As an effective bronchodilator, theophylline causes relaxation of bronchial smooth muscle by blocking adenosine receptors. This action decreases airway resistance and increases airflow to the lungs.
Oral theophylline decreases the frequency and severity of asthma attacks and is indicated as maintenance therapy for chronic asthma. This drug's long duration of action in the sustained release form makes it an appropriate medication for patients with nocturnal attacks. Although intravenous theophylline is available, this route is used only in emergencies due to the risk of fatal cardiovascular reactions.
Since this medication causes CNS stimulation, an elevated theophylline blood level between 20-25 mcg/mL may cause insomnia.
A theophylline blood level between 20-25 mcg/mL may cause restlessness. Avoid giving theophylline with caffeine to prevent excess CNS excitation that may exacerbate the restlessness.
Theophylline toxicity, which typically presents with drug plasma levels about 30 mcg/mL, may cause arrhythmias such as ventricular fibrillation. Administering lidocaine (see Picmonic "Lidocaine") may help control severe cardiac dysrhythmias.

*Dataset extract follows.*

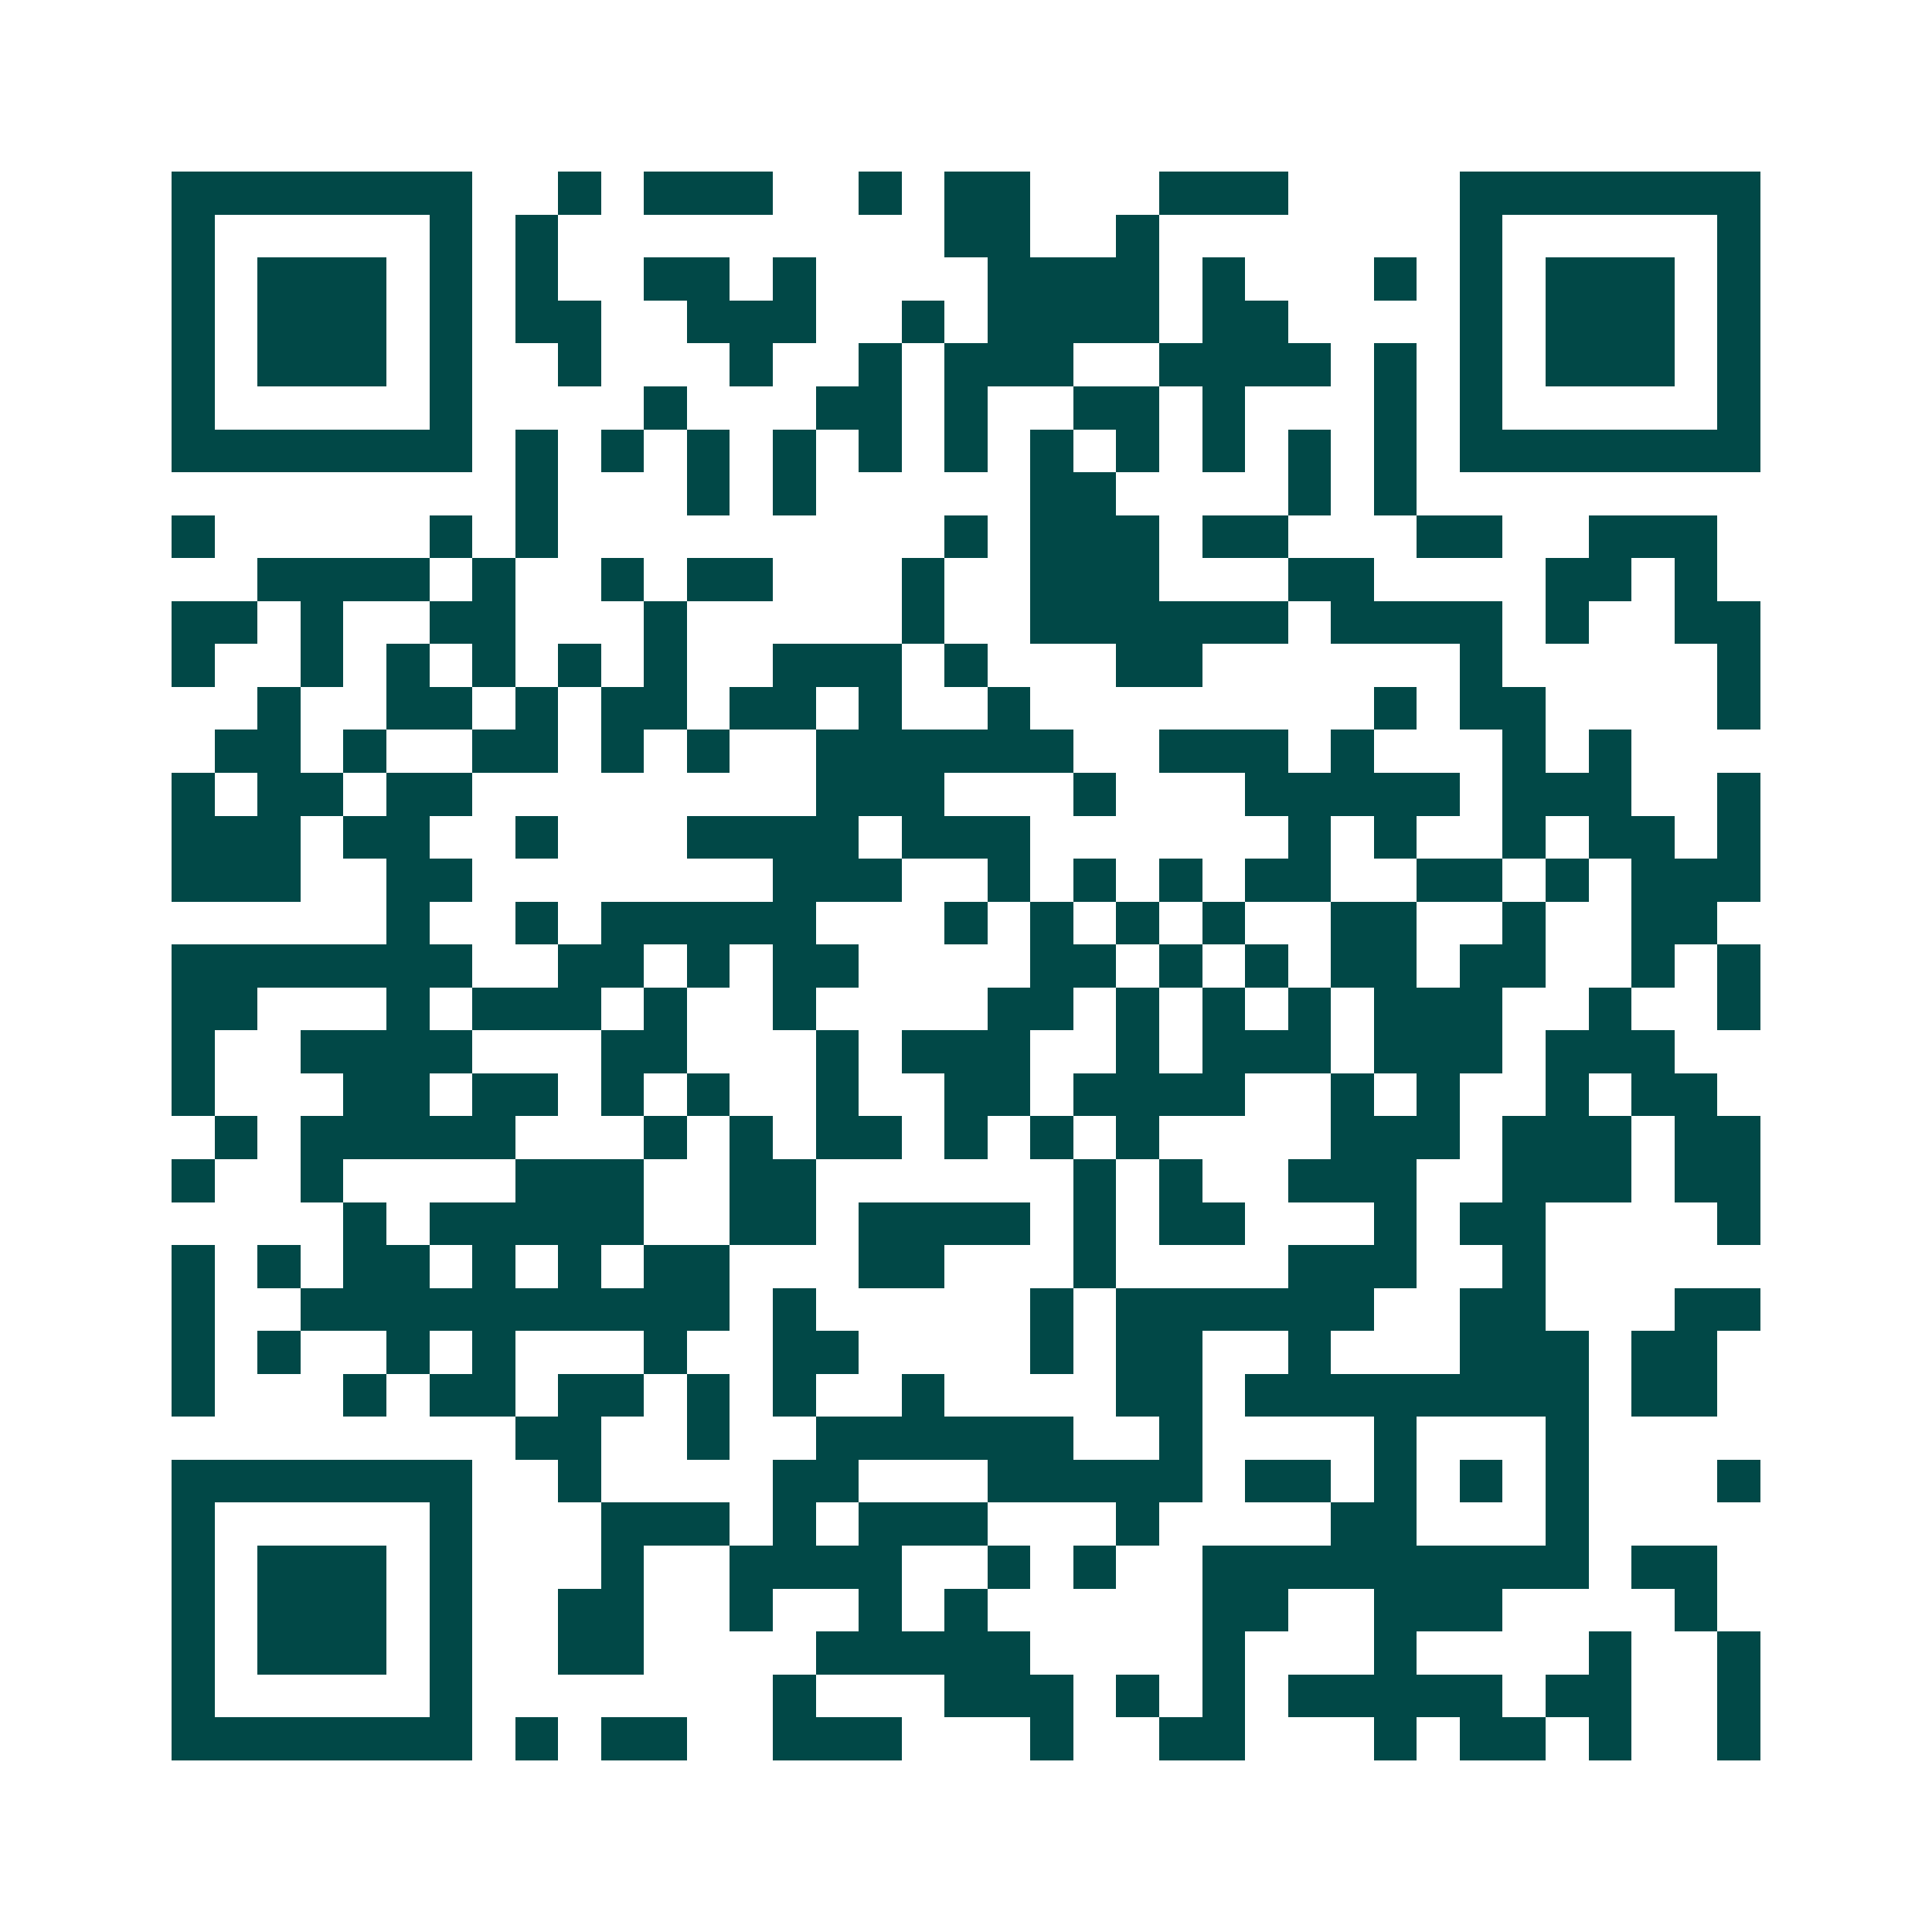<svg xmlns="http://www.w3.org/2000/svg" width="200" height="200" viewBox="0 0 45 45" shape-rendering="crispEdges"><path fill="#ffffff" d="M0 0h45v45H0z"/><path stroke="#014847" d="M4 4.5h7m2 0h1m1 0h3m2 0h1m1 0h2m3 0h3m4 0h7M4 5.5h1m5 0h1m1 0h1m9 0h2m2 0h1m7 0h1m5 0h1M4 6.5h1m1 0h3m1 0h1m1 0h1m2 0h2m1 0h1m4 0h4m1 0h1m3 0h1m1 0h1m1 0h3m1 0h1M4 7.5h1m1 0h3m1 0h1m1 0h2m2 0h3m2 0h1m1 0h4m1 0h2m4 0h1m1 0h3m1 0h1M4 8.5h1m1 0h3m1 0h1m2 0h1m3 0h1m2 0h1m1 0h3m2 0h4m1 0h1m1 0h1m1 0h3m1 0h1M4 9.5h1m5 0h1m4 0h1m3 0h2m1 0h1m2 0h2m1 0h1m3 0h1m1 0h1m5 0h1M4 10.5h7m1 0h1m1 0h1m1 0h1m1 0h1m1 0h1m1 0h1m1 0h1m1 0h1m1 0h1m1 0h1m1 0h1m1 0h7M12 11.5h1m3 0h1m1 0h1m5 0h2m4 0h1m1 0h1M4 12.5h1m5 0h1m1 0h1m9 0h1m1 0h3m1 0h2m3 0h2m2 0h3M6 13.5h4m1 0h1m2 0h1m1 0h2m3 0h1m2 0h3m3 0h2m4 0h2m1 0h1M4 14.5h2m1 0h1m2 0h2m3 0h1m5 0h1m2 0h6m1 0h4m1 0h1m2 0h2M4 15.5h1m2 0h1m1 0h1m1 0h1m1 0h1m1 0h1m2 0h3m1 0h1m3 0h2m6 0h1m5 0h1M6 16.5h1m2 0h2m1 0h1m1 0h2m1 0h2m1 0h1m2 0h1m8 0h1m1 0h2m4 0h1M5 17.5h2m1 0h1m2 0h2m1 0h1m1 0h1m2 0h6m2 0h3m1 0h1m3 0h1m1 0h1M4 18.5h1m1 0h2m1 0h2m8 0h3m3 0h1m3 0h5m1 0h3m2 0h1M4 19.5h3m1 0h2m2 0h1m3 0h4m1 0h3m6 0h1m1 0h1m2 0h1m1 0h2m1 0h1M4 20.5h3m2 0h2m7 0h3m2 0h1m1 0h1m1 0h1m1 0h2m2 0h2m1 0h1m1 0h3M9 21.5h1m2 0h1m1 0h5m3 0h1m1 0h1m1 0h1m1 0h1m2 0h2m2 0h1m2 0h2M4 22.5h7m2 0h2m1 0h1m1 0h2m4 0h2m1 0h1m1 0h1m1 0h2m1 0h2m2 0h1m1 0h1M4 23.5h2m3 0h1m1 0h3m1 0h1m2 0h1m4 0h2m1 0h1m1 0h1m1 0h1m1 0h3m2 0h1m2 0h1M4 24.5h1m2 0h4m3 0h2m3 0h1m1 0h3m2 0h1m1 0h3m1 0h3m1 0h3M4 25.5h1m3 0h2m1 0h2m1 0h1m1 0h1m2 0h1m2 0h2m1 0h4m2 0h1m1 0h1m2 0h1m1 0h2M5 26.5h1m1 0h5m3 0h1m1 0h1m1 0h2m1 0h1m1 0h1m1 0h1m4 0h3m1 0h3m1 0h2M4 27.5h1m2 0h1m4 0h3m2 0h2m6 0h1m1 0h1m2 0h3m2 0h3m1 0h2M8 28.5h1m1 0h5m2 0h2m1 0h4m1 0h1m1 0h2m3 0h1m1 0h2m4 0h1M4 29.5h1m1 0h1m1 0h2m1 0h1m1 0h1m1 0h2m3 0h2m3 0h1m4 0h3m2 0h1M4 30.5h1m2 0h10m1 0h1m5 0h1m1 0h6m2 0h2m3 0h2M4 31.5h1m1 0h1m2 0h1m1 0h1m3 0h1m2 0h2m4 0h1m1 0h2m2 0h1m3 0h3m1 0h2M4 32.5h1m3 0h1m1 0h2m1 0h2m1 0h1m1 0h1m2 0h1m4 0h2m1 0h8m1 0h2M12 33.5h2m2 0h1m2 0h6m2 0h1m4 0h1m3 0h1M4 34.5h7m2 0h1m4 0h2m3 0h5m1 0h2m1 0h1m1 0h1m1 0h1m3 0h1M4 35.5h1m5 0h1m3 0h3m1 0h1m1 0h3m3 0h1m4 0h2m3 0h1M4 36.5h1m1 0h3m1 0h1m3 0h1m2 0h4m2 0h1m1 0h1m2 0h9m1 0h2M4 37.5h1m1 0h3m1 0h1m2 0h2m2 0h1m2 0h1m1 0h1m5 0h2m2 0h3m4 0h1M4 38.5h1m1 0h3m1 0h1m2 0h2m4 0h5m4 0h1m3 0h1m4 0h1m2 0h1M4 39.5h1m5 0h1m7 0h1m3 0h3m1 0h1m1 0h1m1 0h5m1 0h2m2 0h1M4 40.5h7m1 0h1m1 0h2m2 0h3m3 0h1m2 0h2m3 0h1m1 0h2m1 0h1m2 0h1"/></svg>

Theophylline toxicity, which typically presents with drug plasma levels about 30 mcg/mL, may cause seizures. Administering IV diazepam may help decrease seizure activity.
Since theophylline has a narrow therapeutic range, the dosage of this drug must be carefully managed in relation to the patient's plasma levels. If the patient presents with symptoms indicating a mild reaction (i.e., nausea, vomiting, diarrhea, insomnia, and restlessness), the medication should be stopped immediately before more serious symptoms associated with toxicity occur (i.e., ventricular fibrillation, convulsions). Drugs such as phenobarbital, phenytoin, and rifampin decrease the effects of theophylline by inducing hepatic drug-metabolizing enzyme production. Medications such as cimetidine and ciprofloxacin inhibit hepatic function and cause increased theophylline plasma levels.
Monitoring theophylline plasma levels is necessary to ensure therapeutic effects and avoid toxicity. Most patients tolerate theophylline blood levels between 5-15 mcg/mL. Theophylline plasma levels of 20-25 mcg/mL may cause mild reactions, while a blood level above 30 mcg/mL may lead to severe adverse effects.